Kelley Rosborough scite author profile

The goal of this study was to determine if serotonergic activity, which is impaired in depression, regulates the phosphorylation of glycogen synthase kinase-3b (GSK3b) in mouse brain in vivo. GSK3b is inhibited by phosphorylation on serine-9 and is a target of the mood stabilizer lithium. Following administration to mice of d-fenfluramine to stimulate serotonin (5HT) release and reduce its reuptake, and clorgyline to inhibit 5HT catabolism, levels of phospho-Ser9-GSK3b were 300-400% of control levels in the prefrontal cortex, hippocampus, and striatum. Treatment with monoamine reuptake inhibitors fluoxetine and imipramine also increased the level of phospho-Ser9-GSK3b. Using receptor selective agonists and antagonists, 5HT1A receptors were found to mediate increases, and 5HT2 receptors decreases, in phospho-Ser9-GSK3b levels.

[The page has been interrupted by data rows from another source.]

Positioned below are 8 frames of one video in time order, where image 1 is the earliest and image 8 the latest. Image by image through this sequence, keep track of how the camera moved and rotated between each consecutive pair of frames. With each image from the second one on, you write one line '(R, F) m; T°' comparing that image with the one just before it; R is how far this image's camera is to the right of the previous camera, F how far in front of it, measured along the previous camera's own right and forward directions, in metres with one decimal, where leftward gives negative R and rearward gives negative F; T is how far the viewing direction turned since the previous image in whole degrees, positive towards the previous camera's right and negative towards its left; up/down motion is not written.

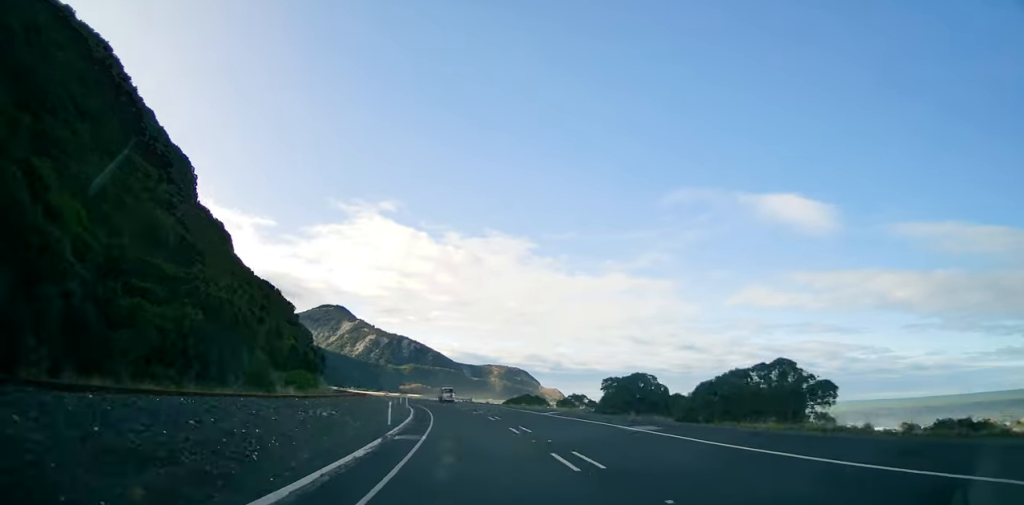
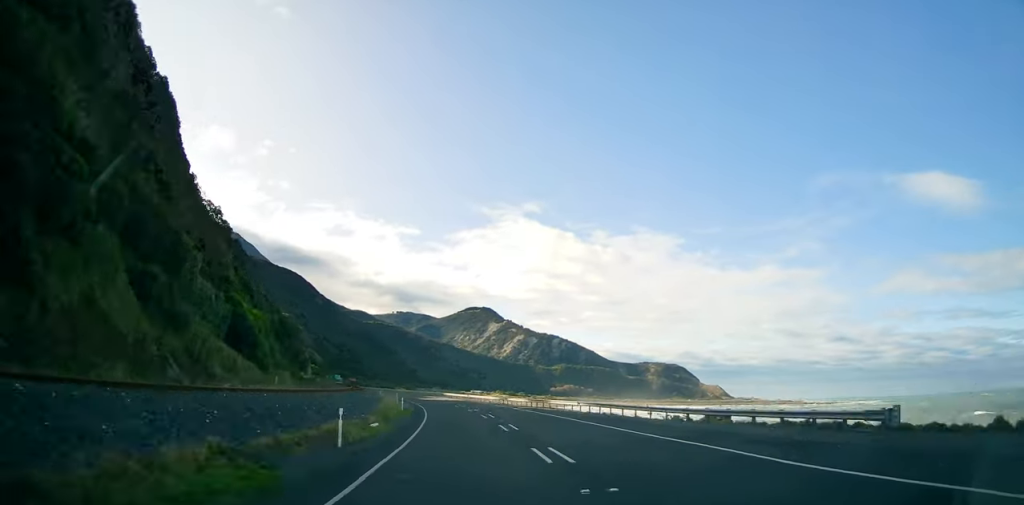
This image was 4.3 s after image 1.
(-11.8, +87.5) m; -15°
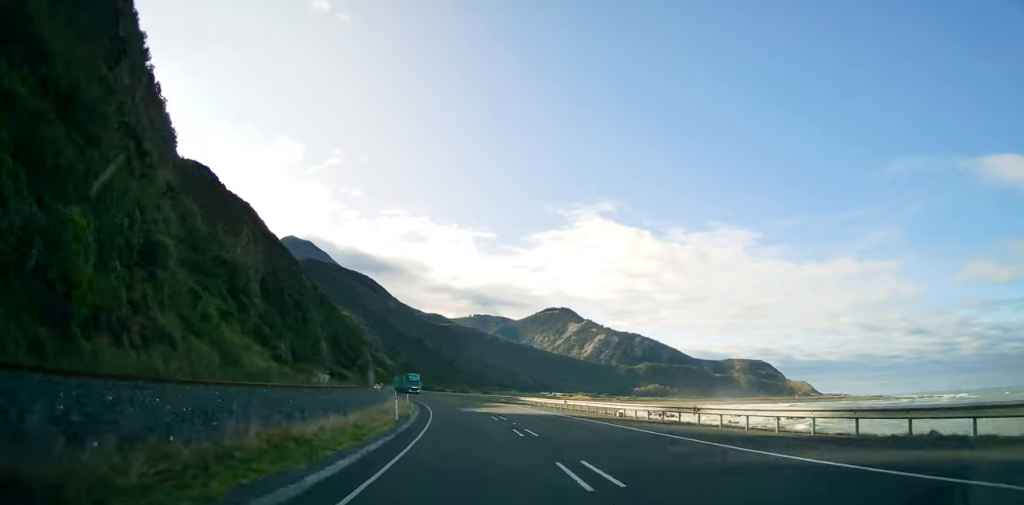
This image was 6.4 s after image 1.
(-2.8, +43.2) m; -7°
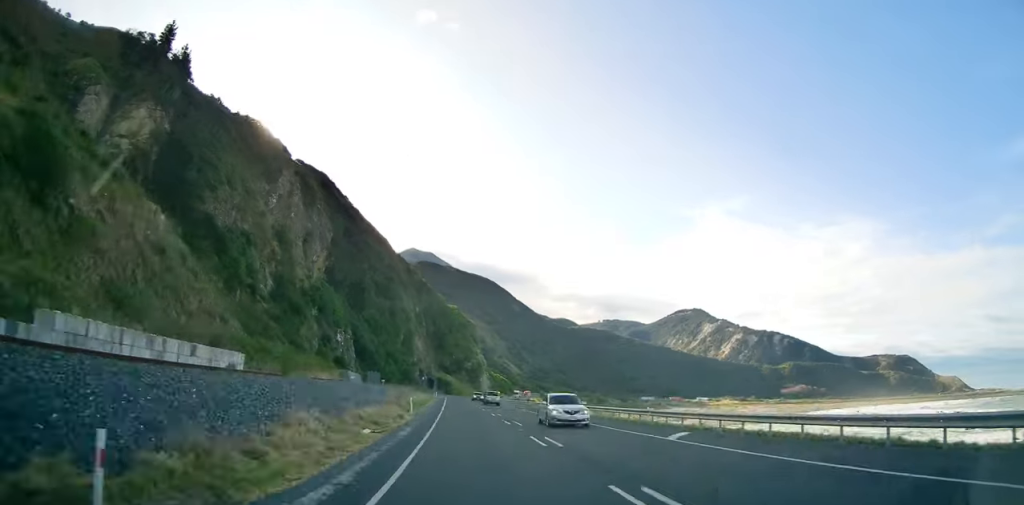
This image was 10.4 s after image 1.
(-9.9, +83.0) m; -10°
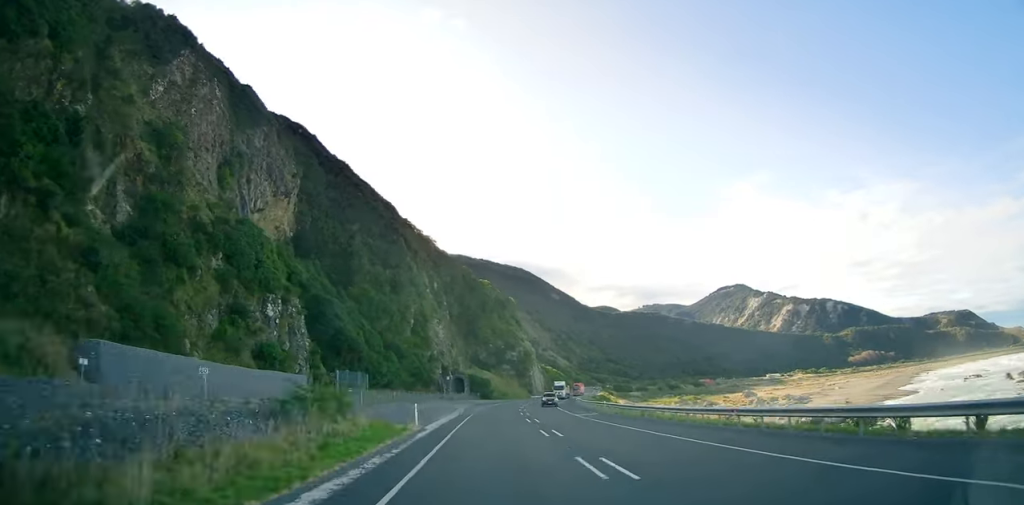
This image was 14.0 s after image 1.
(-2.8, +76.0) m; -1°
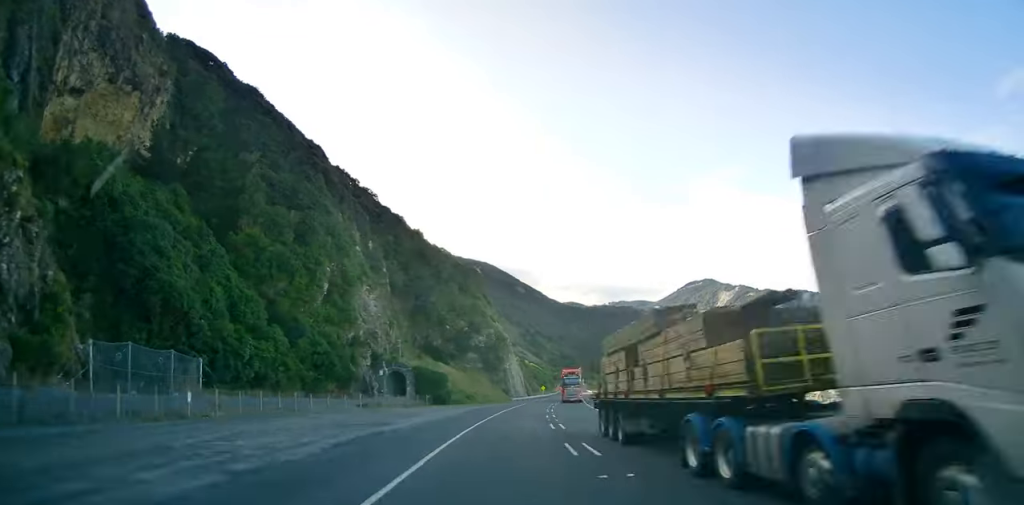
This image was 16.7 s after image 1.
(+1.8, +57.3) m; +5°
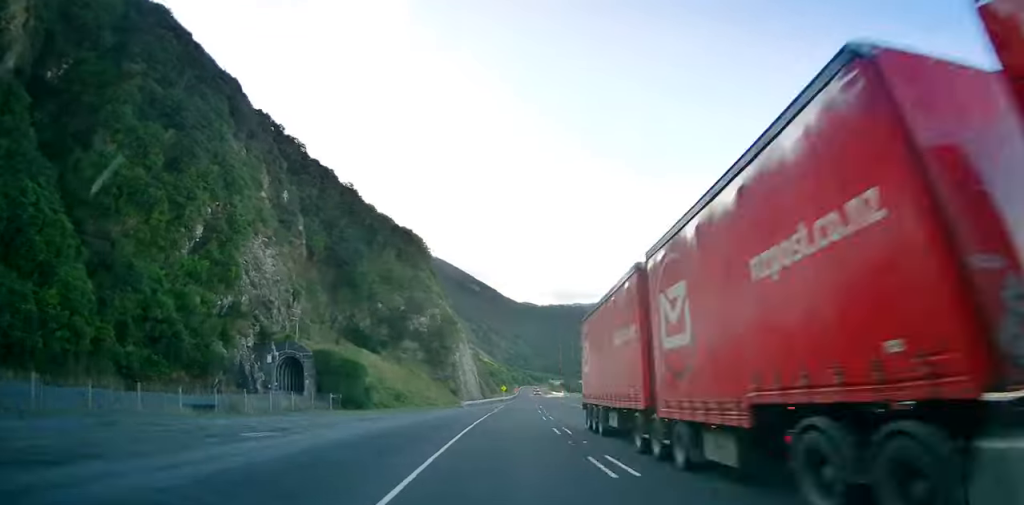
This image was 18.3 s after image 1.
(+1.1, +33.9) m; +2°
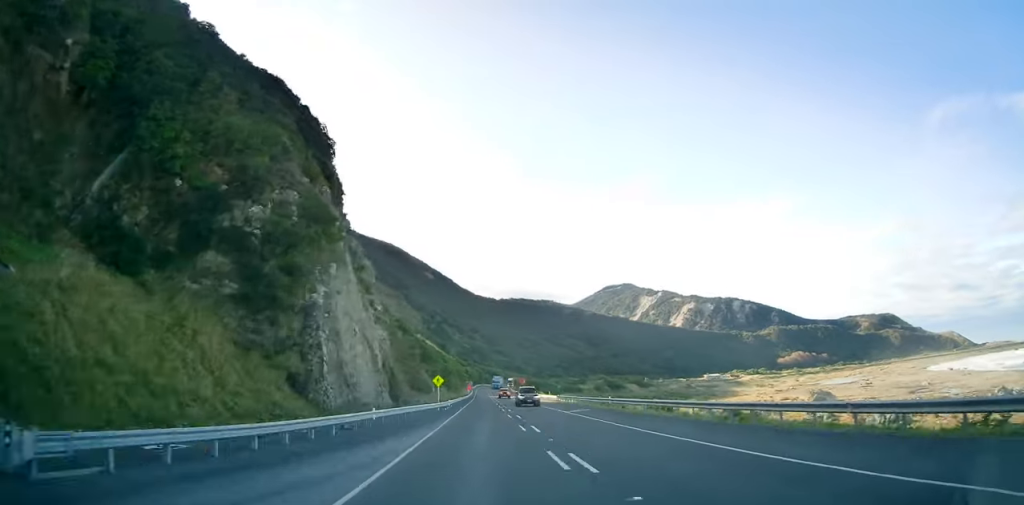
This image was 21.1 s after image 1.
(+2.5, +58.9) m; +3°

This indicates that serotonergic regulation of the phosphorylation of GSK3b is achieved by a balance between the opposing actions of these 5HT receptor subtypes. These findings demonstrate for the first time that serotonergic activity regulates the phosphorylation of GSK3b and show that this regulation occurs in mammalian brain in vivo. These results raise the possibility that impaired inhibitory control of GSK3b may occur in conditions where serotonergic activity is dysregulated, such as in mood disorders.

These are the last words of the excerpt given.